> **Work instruction**: Down to the last line, set down the listing below exactly, apart from its pictures.

> **Data for analysis**:
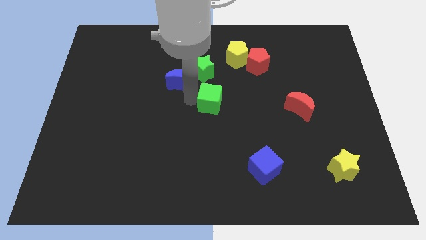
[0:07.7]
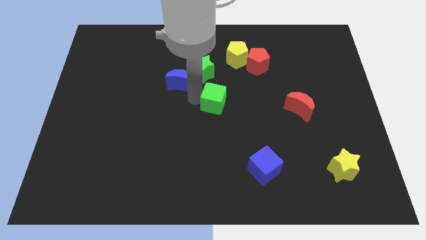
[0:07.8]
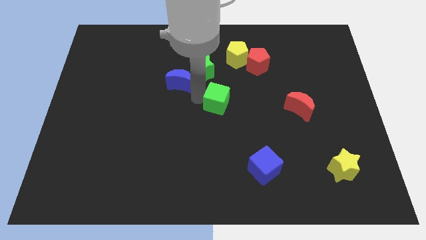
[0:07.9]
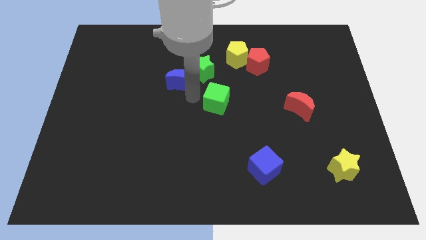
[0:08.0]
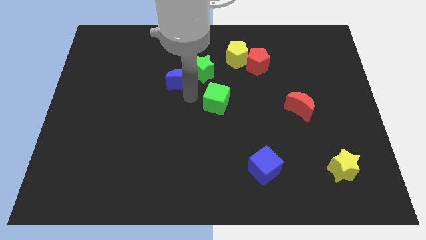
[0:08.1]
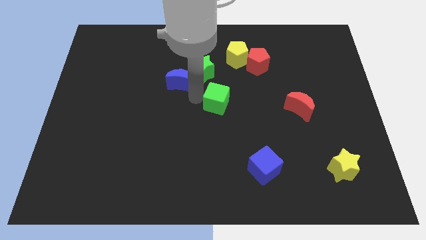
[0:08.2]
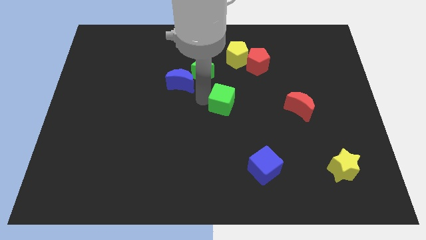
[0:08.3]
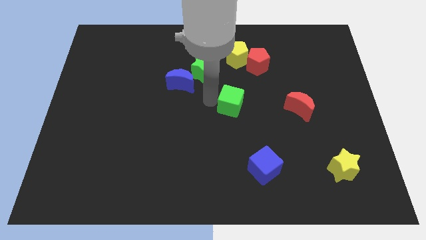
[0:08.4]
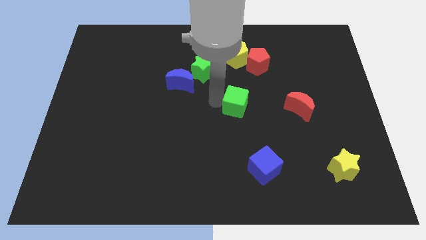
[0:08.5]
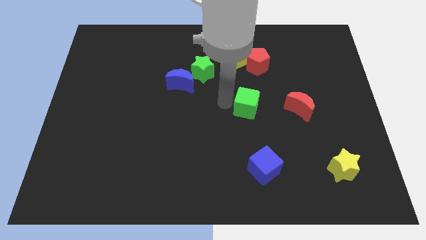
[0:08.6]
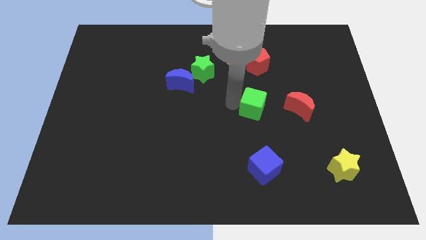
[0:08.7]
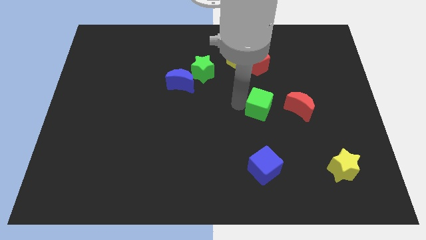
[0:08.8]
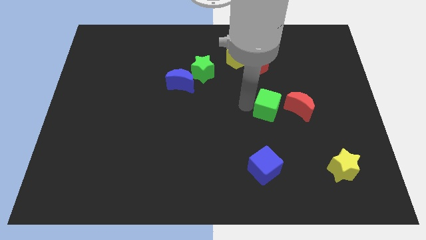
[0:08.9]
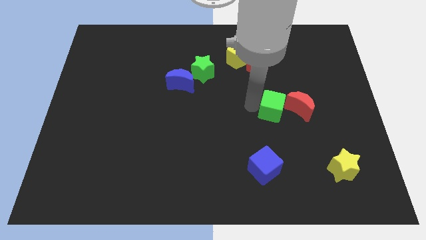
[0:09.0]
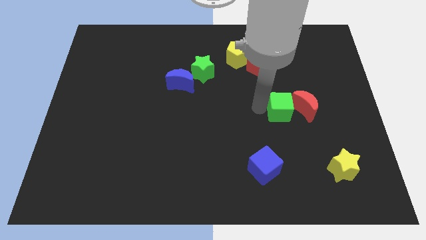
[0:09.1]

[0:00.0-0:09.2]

> **Task response**:
[0:07.7]
[0:07.8]
[0:07.9]
[0:08.0]
[0:08.1]
[0:08.2]
[0:08.3]
[0:08.4]
[0:08.5]
[0:08.6]
[0:08.7]
[0:08.8]
[0:08.9]
[0:09.0]
[0:09.1]

[0:00.0-0:09.2]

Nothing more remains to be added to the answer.